As described above, according to the present invention, the configuration is such that the SIN approximate signal and the COS approximate signal are generated according to the input frequency, and the SIN approximate signal is pulse-width modulated by the first pulse width modulation circuit. A cross-coil movement driving circuit for driving the cross-coil movement by pulse-width modulating the COS approximate signal by a second pulse-width modulating circuit, which is connected to the first pulse-width modulating circuit and pulse-width modulating A first PWM-DC converting circuit for converting the SIN approximated signal thus converted into a DC voltage and a second PWM circuit for converting the pulse width modulated COS approximated signal into a DC voltage. The cross-coil movement drive circuit is characterized by having two PWM-DC conversion circuits, so sound is generated from the cross-coil movement and needle shake occurs. Moreover, since the cross coil movement is driven by an analog DC voltage, the effect of eliminating the stepwise movement of the needle, which is a problem during digital driving, can be obtained.

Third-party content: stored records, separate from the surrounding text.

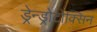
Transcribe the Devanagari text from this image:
ड्रेन्ड्रोटोक्सिन
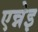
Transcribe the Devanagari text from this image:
एन्नेइ
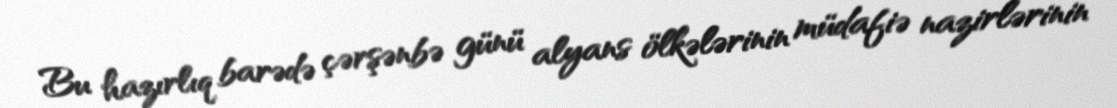
Bu hazırlıq barədə çərşənbə günü alyans ölkələrinin müdafiə nazirlərinin
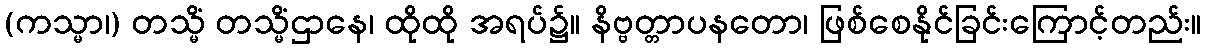
(ကသ္မာ၊) တသ္မိံ တသ္မိံဌာနေ၊ ထိုထို အရပ်၌။ နိဗ္ဗတ္တာပနတော၊ ဖြစ်စေနိုင်ခြင်းကြောင့်တည်း။
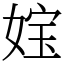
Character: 𡝬
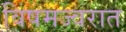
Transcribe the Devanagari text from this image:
विषमज्वरात
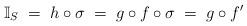
LaTeX: \begin{align*}\mathbb{I}_S \; = \; h \circ \sigma \; = \; g \circ f \circ \sigma \;= \; g \circ f^\prime\end{align*}
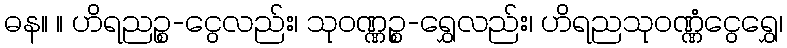
ဓန။ ။ ဟိရညဉ္စ-ငွေလည်း၊ သုဝဏ္ဏဉ္စ-ရွှေလည်း၊ ဟိရညသုဝဏ္ဏံငွေရွှေ၊
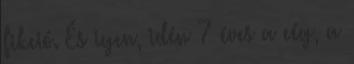
fikció. És igen, idén 7 éves a cég, a
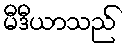
မီဒီယာသည်
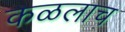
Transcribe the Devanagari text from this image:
कळलाच
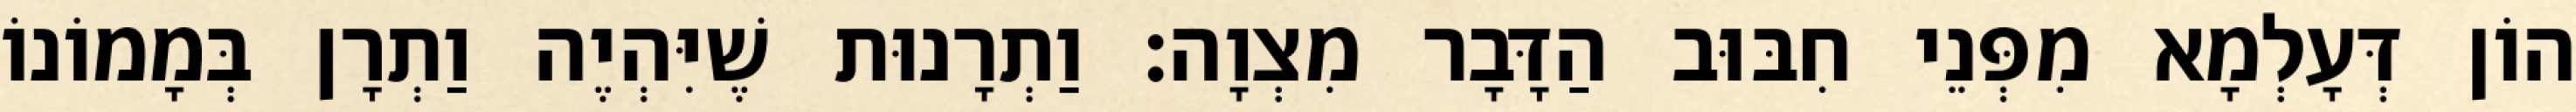
הוֹן דְּעָלְמָא מִפְּנֵי חִבּוּב הַדָּבָר מִצְוָה: וַתְרָנוּת שֶׁיִּהְיֶה וַתְרָן בְּמָמוֹנוֹ
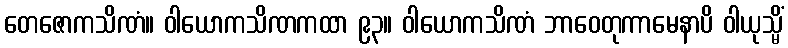
တေဇောကသိဏံ။ ဝါယောကသိဏကထာ ၉၃။ ဝါယောကသိဏံ ဘာဝေတုကာမေနာပိ ဝါယုသ္မိံ
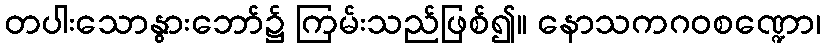
တပါးသောနွားဘော်၌ ကြမ်းသည်ဖြစ်၍။ နောသကဂဝစဏ္ဍော၊
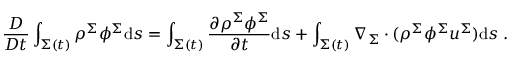
\frac { D } { D t } \int _ { \Sigma ( t ) } \rho ^ { \Sigma } \phi ^ { \Sigma } \mathrm { d } s = \int _ { \Sigma ( t ) } \frac { \partial \rho ^ { \Sigma } \phi ^ { \Sigma } } { \partial t } \mathrm { d } s + \int _ { \Sigma ( t ) } \nabla _ { \Sigma } \cdot ( \rho ^ { \Sigma } \phi ^ { \Sigma } \boldsymbol { u } ^ { \Sigma } ) \mathrm { d } s \; .
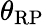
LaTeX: \theta_{\mathrm{RP}}
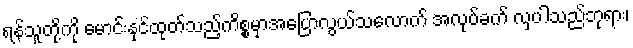
ရန်သူတို့ကို မောင်းနှင်ထုတ်သည့်ကိစ္စမှာအပြောလွယ်သလောက် အလုပ်ခက် လှပါသည်ဘုရား၊
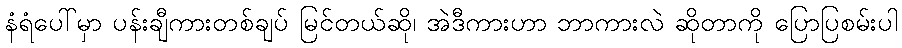
နံရံပေါ်မှာ ပန်းချီကားတစ်ချပ် မြင်တယ်ဆို၊ အဲဒီကားဟာ ဘာကားလဲ ဆိုတာကို ပြောပြစမ်းပါ
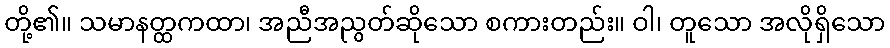
တို့၏။ သမာနတ္ထကထာ၊ အညီအညွတ်ဆိုသော စကားတည်း။ ဝါ၊ တူသော အလိုရှိသော
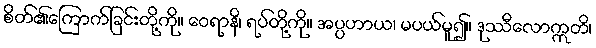
စိတ်၏ကြောက်ခြင်းတို့ကို။ ဝေရာနိ၊ ရပ်တို့ကို။ အပ္ပဟာယ၊ မပယ်မူ၍။ ဒုဿီလောဣတိ၊
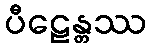
ပီဠေန္တဿ
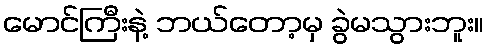
မောင်ကြီးနဲ့ ဘယ်တော့မှ ခွဲမသွားဘူး။
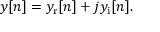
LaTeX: y [ n ] = y _ { \mathrm { r } } [ n ] + j y _ { \mathrm { i } } [ n ] .
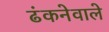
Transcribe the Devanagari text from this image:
ढंकनेवाले
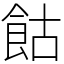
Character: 𩚩
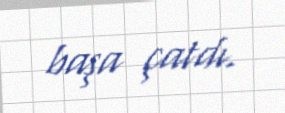
başa çatdı.
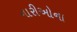
નારીઓના
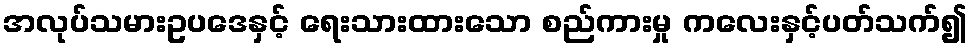
အလုပ်သမားဥပဒေနှင့် ရေးသားထားသော စည်ကားမှု ကလေးနှင့်ပတ်သက်၍

[Brief description of drawings]

FIG. 1 is a block diagram showing an embodiment of a crossing coil movement drive circuit according to the present invention, and FIG. 2 is a block diagram showing an example of a conventional crossing coil movement drive circuit. 4 ... 1st pulse width modulation circuit, 6 ... Cross coil movement, 8 ... 2nd pulse width modulation circuit, 10 ... 1st PWM-D
C conversion circuit, 12 ... Second PWM-DC conversion circuit.

Claims (1)

[Scope of utility model registration request] 1. A SIN approximation signal and COS depending on an input frequency.
An approximate signal is generated, the first pulse width modulation circuit (4) pulse-width modulates the SIN approximate signal, and the second pulse
In the cross-coil movement drive circuit in which the COS approximation signal is pulse-width modulated by the pulse-width modulation circuit (8) to drive the cross-coil movement (6), the first pulse width modulation circuit (4) is Connected to the first PWM-DC conversion circuit (10) for converting the pulse width modulated SIN approximation signal into a DC voltage and the second pulse width modulation circuit (8) for pulse width modulation. Above
A cross coil movement drive circuit comprising a second PWM-DC conversion circuit (12) for converting a COS approximate signal into a DC voltage.